Lenovo Announces the IdeaPad
An anonymous reader writes "Marking the start of news releases from this year's Consumer Electronics Show, Lenovo has dropped a major announcement on consumers - the arrival of a new line of notebooks. The IdeaPads will be the consumer-friendly companion to the ThinkPads. The announcement covers three notebooks, the 17" Y710, the 15" Y510, and the 11", 2.4lb U110. The IdeaPads will bring a number of firsts to Lenovo's notebooks, including a SSD upgrade option, dual hard drives (Y710 only), and a 17" notebook."
The IdeaPads have a new feature: Face Recognition.
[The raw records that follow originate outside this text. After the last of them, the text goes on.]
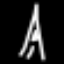
Label: The Eiffel Tower
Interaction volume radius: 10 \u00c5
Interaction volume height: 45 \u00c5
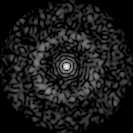
Disorder parameter: 0.8268
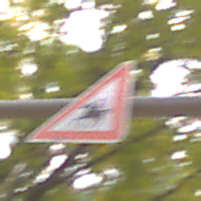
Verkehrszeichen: ReiterRechts
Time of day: Midday
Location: Outdoor (Nature)
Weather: Overcast
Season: NotSpecified
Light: Natural
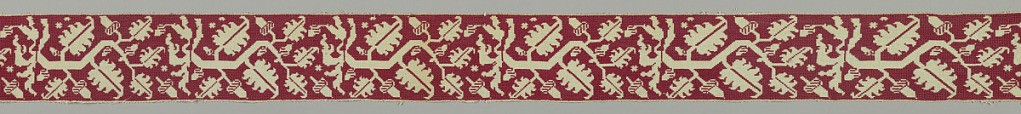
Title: Band
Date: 16th century
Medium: linen, silk Technique: deflected element work on plain weave
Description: Strip of insertion in a design of scrolling angular oak branches with foliage and acorns in reserve on the linen ground. Background of drawn work embroidered with red silk.
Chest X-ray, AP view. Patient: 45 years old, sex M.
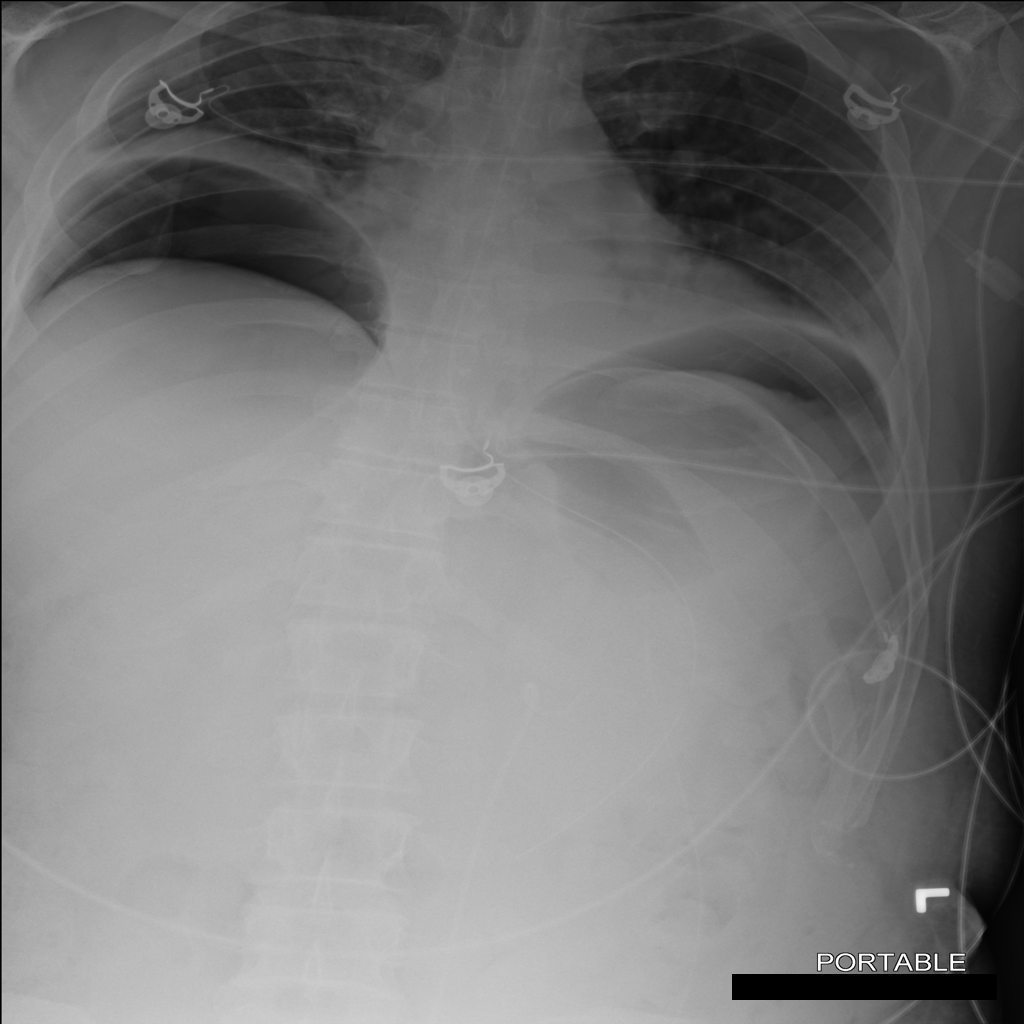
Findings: No Finding
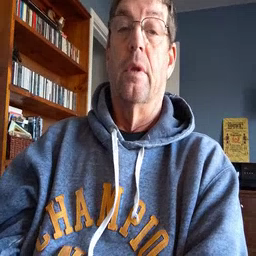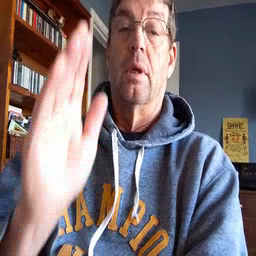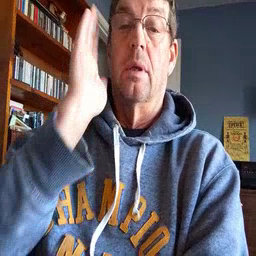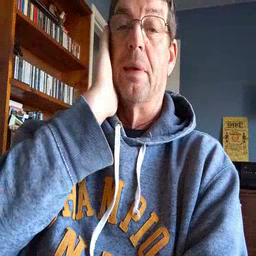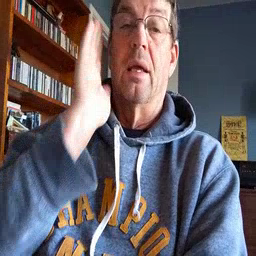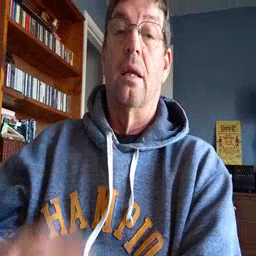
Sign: bed
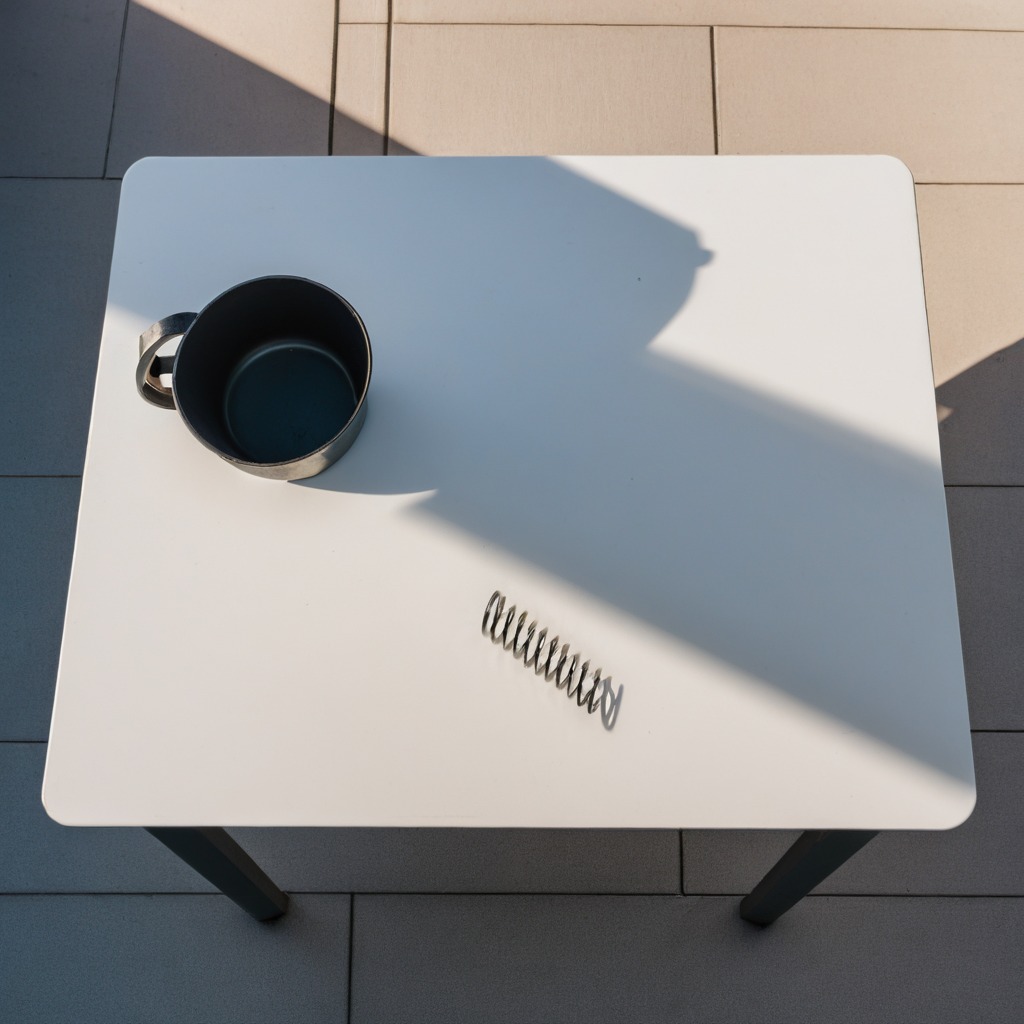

The idea is that the user can sit in front of the computer and log into Windows Vista without entering the password.
This raises the question: could one just hold up a photograph of the user to log in?
- Demosthenes
cynicsreport.com
I'd rather they give the toy computers a different name. I know they're trying to draw an association with the Cadillac of laptops, but I'm essentially certain that Ideapads are going to be missing all the things that make Thinkpads genuinely good, like titanium frames and godly support. You can look at a Thinkpad and see a serious and well constructed computer; that's not true with other business notebooks and frankly I'd rather not have to explain why an Ideapad is different from a Thinkpad, any more than I want to explain why the POS Inspiron isn't the same thing as a Latitude.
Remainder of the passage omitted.